The orthodontic economy, trying to recover form the 2008 depression, has shown much improvement over the last five years.  Unfortunately, this past year (2018 election year) patients have been hesitant about starting treatment, as usual.  Starts usually drop in the last 4-6 months of a major election year, but then go back to the usual the next year.  Because of this situation, many orthodontists have been considering other sources of referral and income, namely, orthodontic insurance.

 

There are essentially three types of orthodontic insurance:

1) Insurance pays part of the total fee and the patient pays the balance

2) The insurance company guarantees the patient a lower fee (% wise) when you join

3) The insurance company pays you a set amount per start

 

Type-1 insurance pays the practice or the patient a specified amount per start (typically $1,000 to $3,000).  This is by far the most prevalent insurance coverage and typically accounts for about 65% of new patient starts.

 

Type-2 insurance involves being a “preferred provider” who is referred patients, but who must charge them 20-25% less for treatment.  Some practices add on minor treatments (lip bumper, etc.) to get a higher fee.  This accounts for about 0-20% of insurance starts, but some practices accept many more of these types of starts.

 

Type-3 insurance companies pay you a flat $ amount per start.  This amount is typically thousands lower than your usual fee; and in the case of “managed care plans” it pays you even less.  Some practices only use this insurance to start 12-18 month cases since the Full Tx Fee paid is the same no matter how long it takes.  This accounts for about 0-10% of insurance starts, but some practices accept many more of these types of starts.

 

Accepting Type-1 insurance has many benefits with little loss, but accepting Type-2 or Type-3 insurance has its losses.  For example, consider a practice with an average $6,000 Comprehensive Tx Fee for about 150 Full Starts/year, gross collections of $1M/year, and a 45% net ($450,000/year).  Type-1 insurance does not change these numbers.

 

Accepting Type-2 insurance would pay you about $1,500 less/start and thus, if you do 10 starts/year (of your 150 comprehensive starts) you reduce your collections and net by $15,000/year: this is not too bad if you are loosing patients who have this type of insurance.  But if you start 30 starts/year you reduce your collections and net by $45,000/year; which may be significant.  And of course, if your net is only 35% ($350,000/year) a $45,000 (13%) drop in your net is significant.

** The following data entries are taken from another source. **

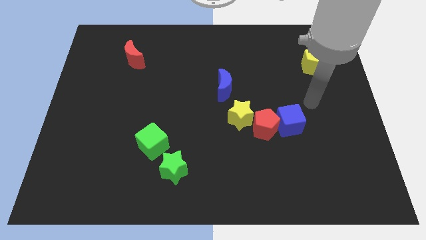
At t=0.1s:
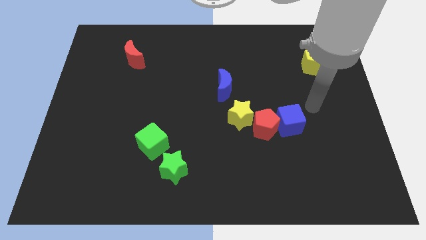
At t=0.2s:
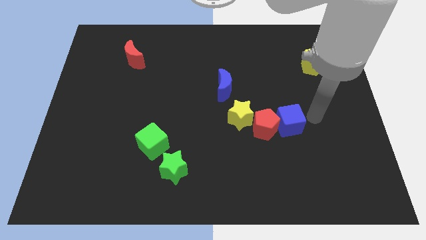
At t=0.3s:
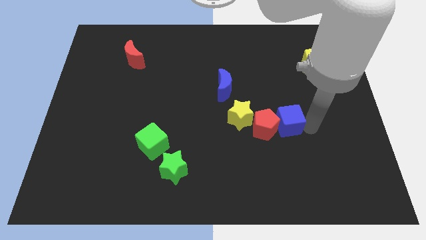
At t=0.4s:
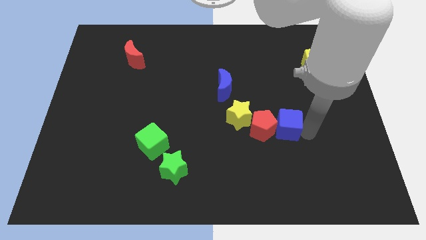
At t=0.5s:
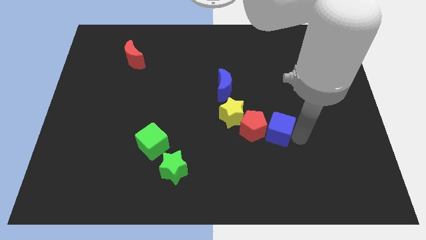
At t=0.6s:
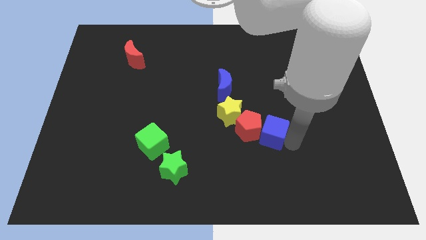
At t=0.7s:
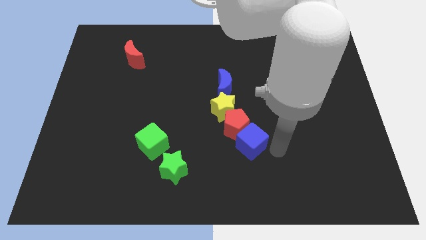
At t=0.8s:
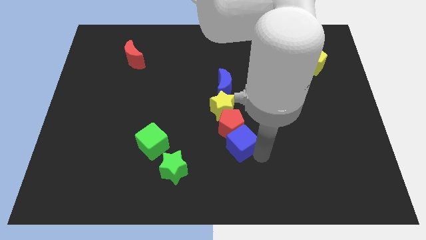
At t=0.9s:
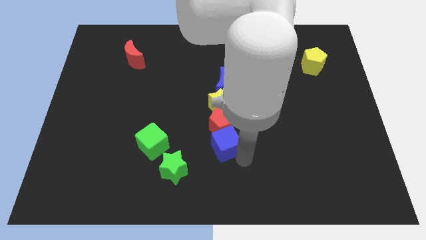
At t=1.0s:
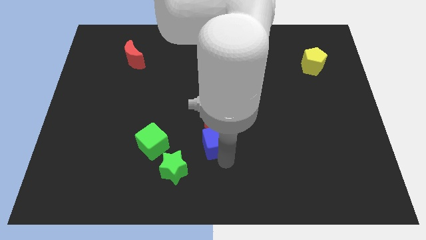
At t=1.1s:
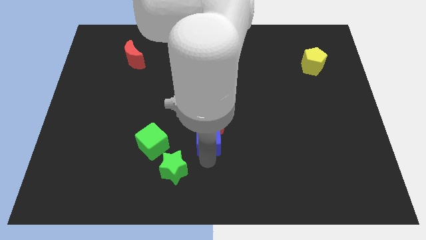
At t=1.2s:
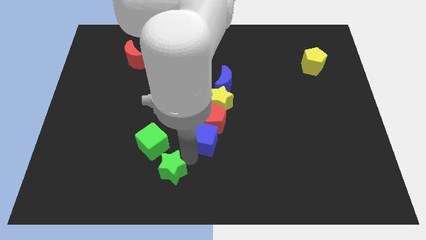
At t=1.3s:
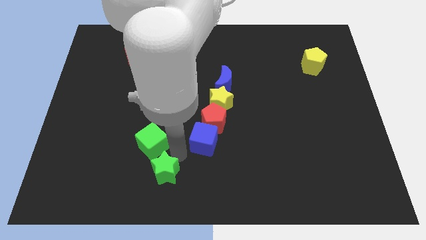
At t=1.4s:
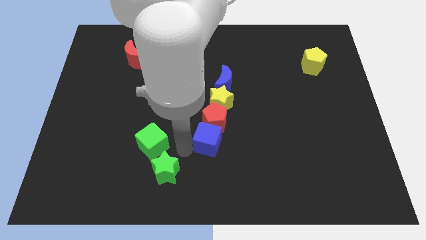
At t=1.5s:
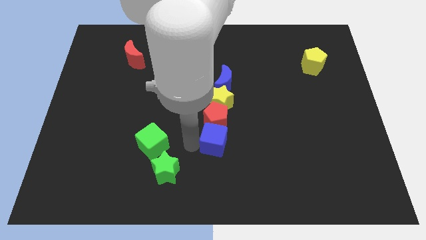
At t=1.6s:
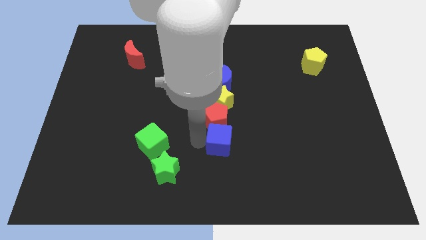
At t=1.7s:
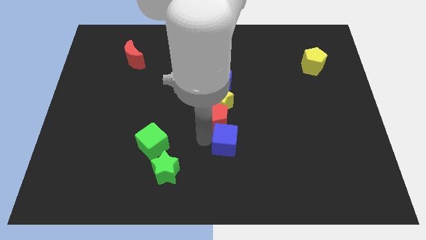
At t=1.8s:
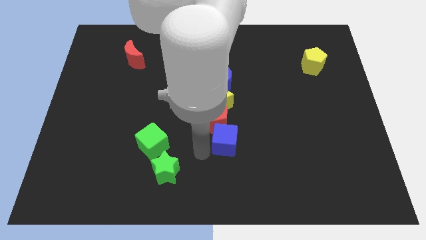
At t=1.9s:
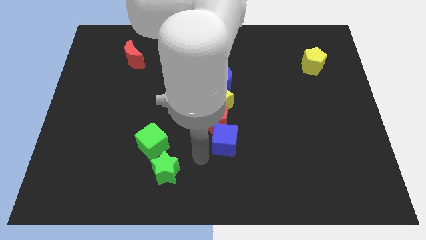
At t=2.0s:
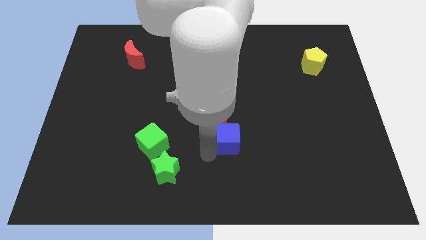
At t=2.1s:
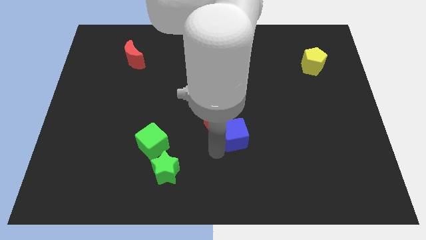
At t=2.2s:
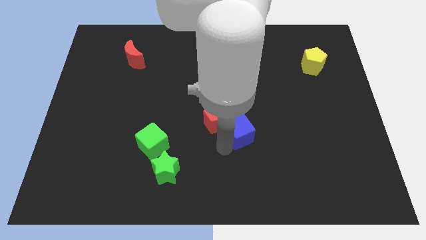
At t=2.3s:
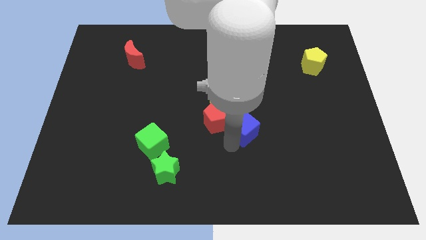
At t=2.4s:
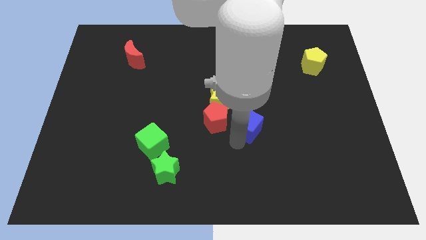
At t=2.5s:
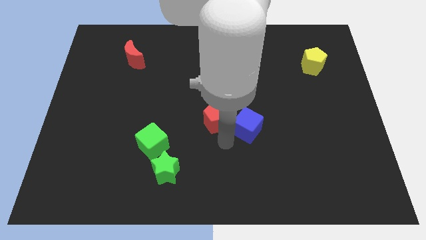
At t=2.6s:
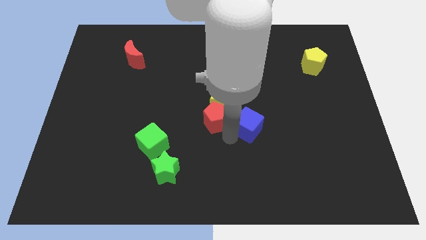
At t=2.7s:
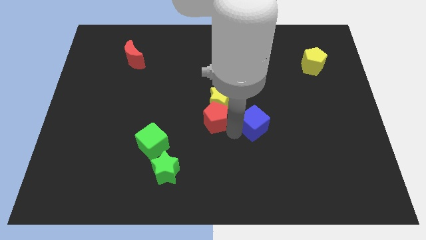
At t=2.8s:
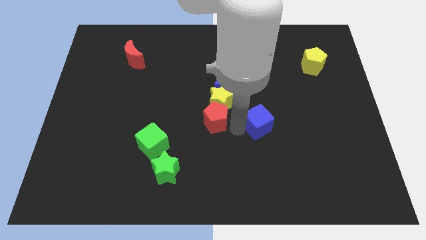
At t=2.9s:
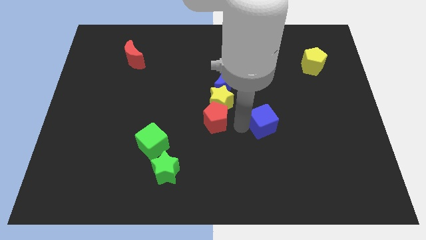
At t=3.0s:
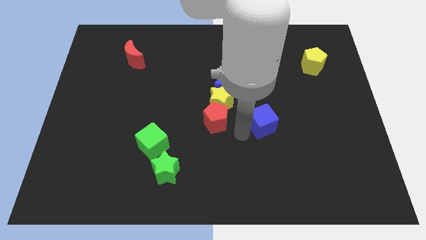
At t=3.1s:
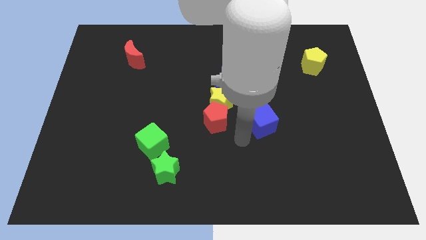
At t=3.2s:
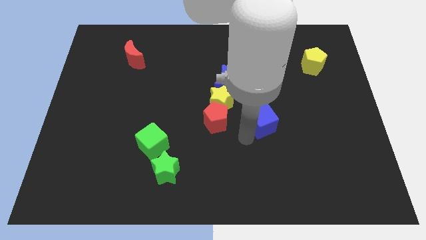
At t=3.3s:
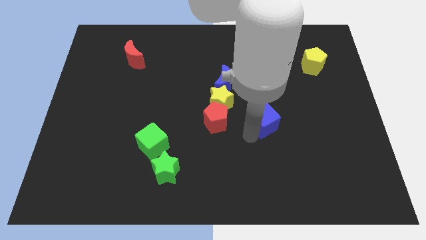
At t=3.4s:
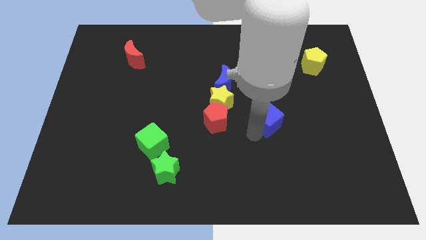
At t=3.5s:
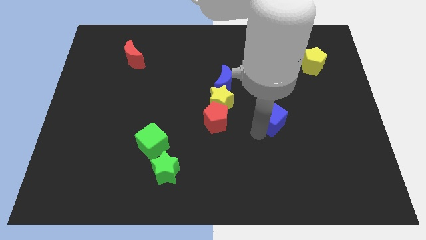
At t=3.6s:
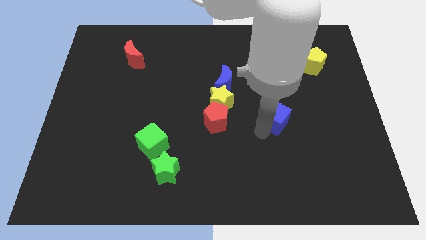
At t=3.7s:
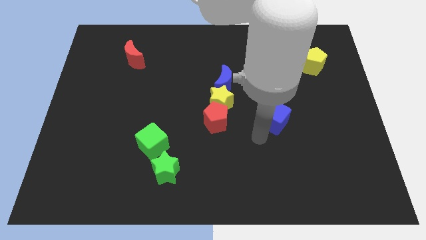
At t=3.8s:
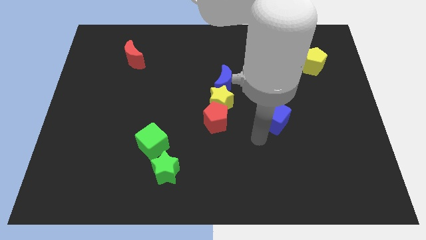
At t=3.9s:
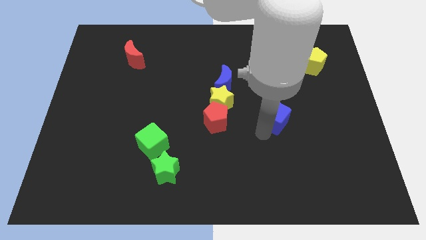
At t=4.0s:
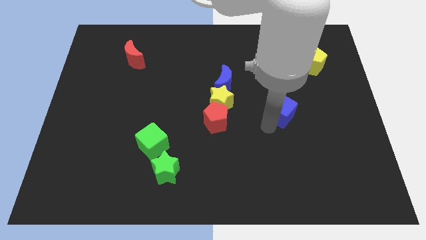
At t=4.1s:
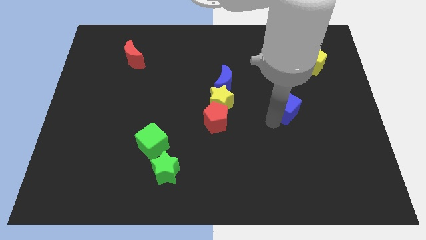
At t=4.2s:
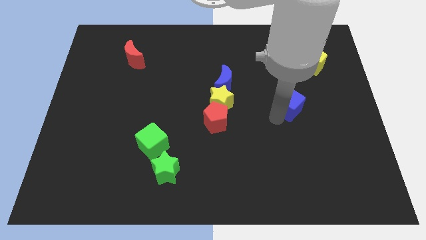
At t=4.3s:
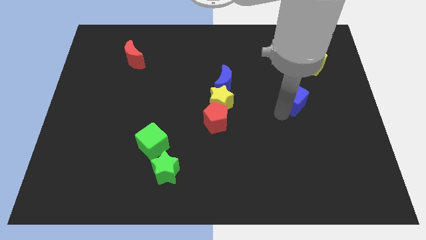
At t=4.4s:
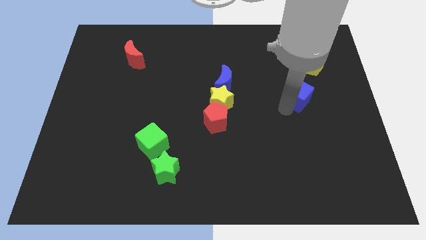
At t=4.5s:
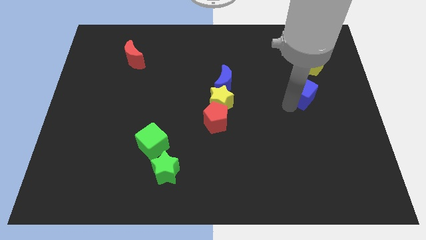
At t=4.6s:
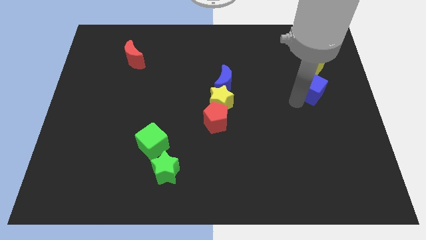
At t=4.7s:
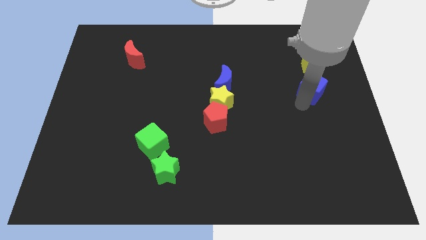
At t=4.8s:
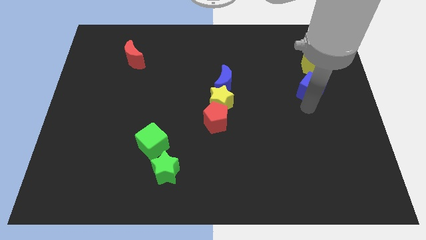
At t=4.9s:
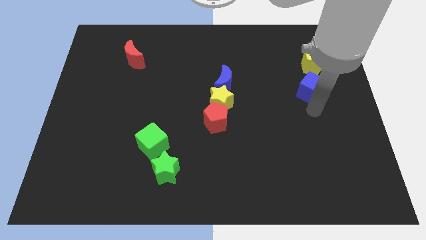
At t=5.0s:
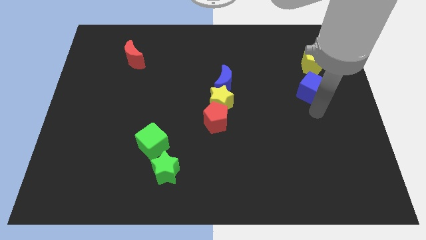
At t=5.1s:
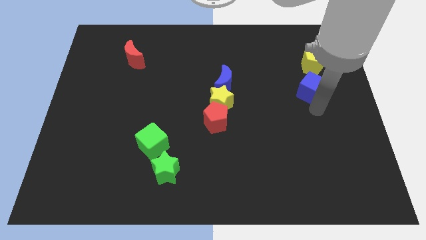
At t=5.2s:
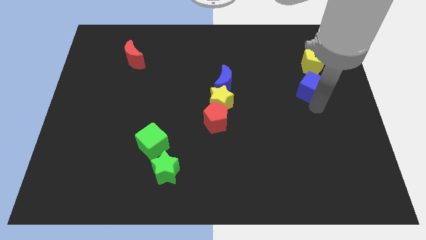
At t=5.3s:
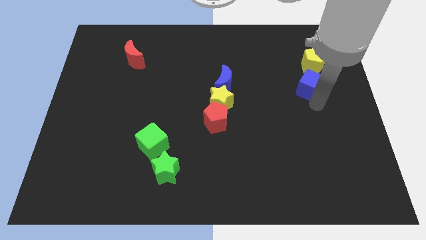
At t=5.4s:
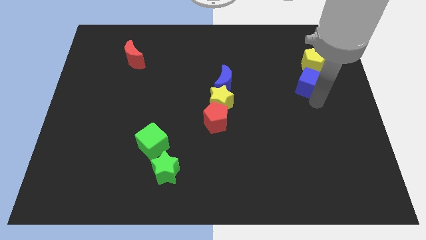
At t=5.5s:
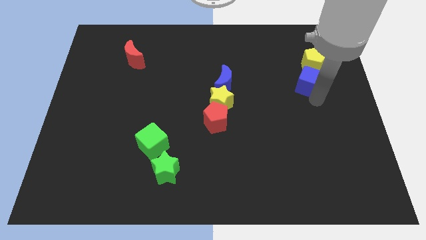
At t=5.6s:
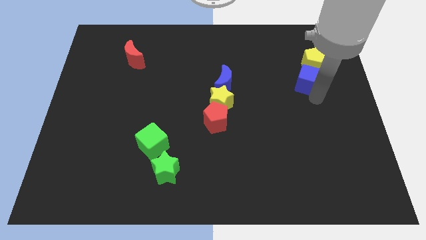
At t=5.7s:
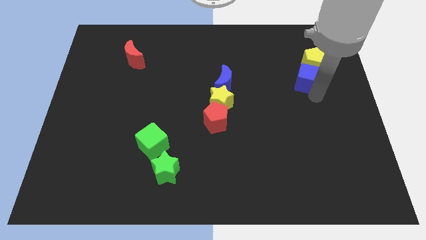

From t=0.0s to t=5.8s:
push the blue cube towards the yellow pentagon

Looking at it more positively, many doctors think: “I’ll can start more than my usual 150 Comprehensive Tx patients if I accept this new insurance, increasing my gross and net”.  Thus, if you accept an additional 30 starts/year at $4,500/start you will increase your gross by $135,000 (and net by $110,000) but increase your chairtime Tx by 20%, requiring 20% more staff and supplies.  If you are capable of that growth with your present staffing and facility, then great: if not you may make your days more hectic possibly losing your full fee paying patients because of it.  Basically you will treat 20% more chairtime for 11% more net.

 

Accepting Type-3 insurance would be similar to Type-2 insurance above if they pay you $4,500/start.  But if they only pay $4,000/start your collections and net will suffer.  For 10 starts/year (out of your 150 Comprehensive starts) you would loose $20,000, reducing your 45% net to $430,000.  For 30 starts/year you would loose $60,000, reducing your 45% net to $390,000.  If your net were only 35% your net would be reduced to $330,000 or $290,000 respectively; a big loss.

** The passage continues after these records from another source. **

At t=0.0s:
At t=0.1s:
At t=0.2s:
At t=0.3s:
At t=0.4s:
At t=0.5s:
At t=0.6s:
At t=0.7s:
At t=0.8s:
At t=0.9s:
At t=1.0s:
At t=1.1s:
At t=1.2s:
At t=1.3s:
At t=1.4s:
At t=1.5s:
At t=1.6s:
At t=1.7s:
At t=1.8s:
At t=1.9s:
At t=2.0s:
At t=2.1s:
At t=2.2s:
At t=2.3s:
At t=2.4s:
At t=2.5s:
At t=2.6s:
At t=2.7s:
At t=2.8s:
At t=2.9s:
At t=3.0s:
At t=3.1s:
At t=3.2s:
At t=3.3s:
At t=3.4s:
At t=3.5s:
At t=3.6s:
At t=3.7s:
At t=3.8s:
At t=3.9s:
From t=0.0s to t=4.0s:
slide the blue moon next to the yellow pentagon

Of course if you take on an additional 30 comprehensive starts/year your gross will increase by $120,000 (and net by $100,000) for the extra 20% increase in staffing and supplies.  Basically you will treat 20% more for 12% more gross and 10% more net.  But you need to be careful.

Once you start accepting these flat fee starts you may tend to do less ads and promotion and end up with a practice that is half full fee and half flat fee.  In the example  above you would loose 75 x $2,000 = $150,000 reducing your $450,000 net to $300,000 or reduce your $350,000 net to $200,000.

 

Accepting Type-2 or Type-3 insurance gets down to three factors:

1) Is your present % NET at least 40% and will any $ drop in your net affect your lifestyle?

2) Are these lower-fee starts going to replace or enhance your present starts?  Enhance is good, but replace is not.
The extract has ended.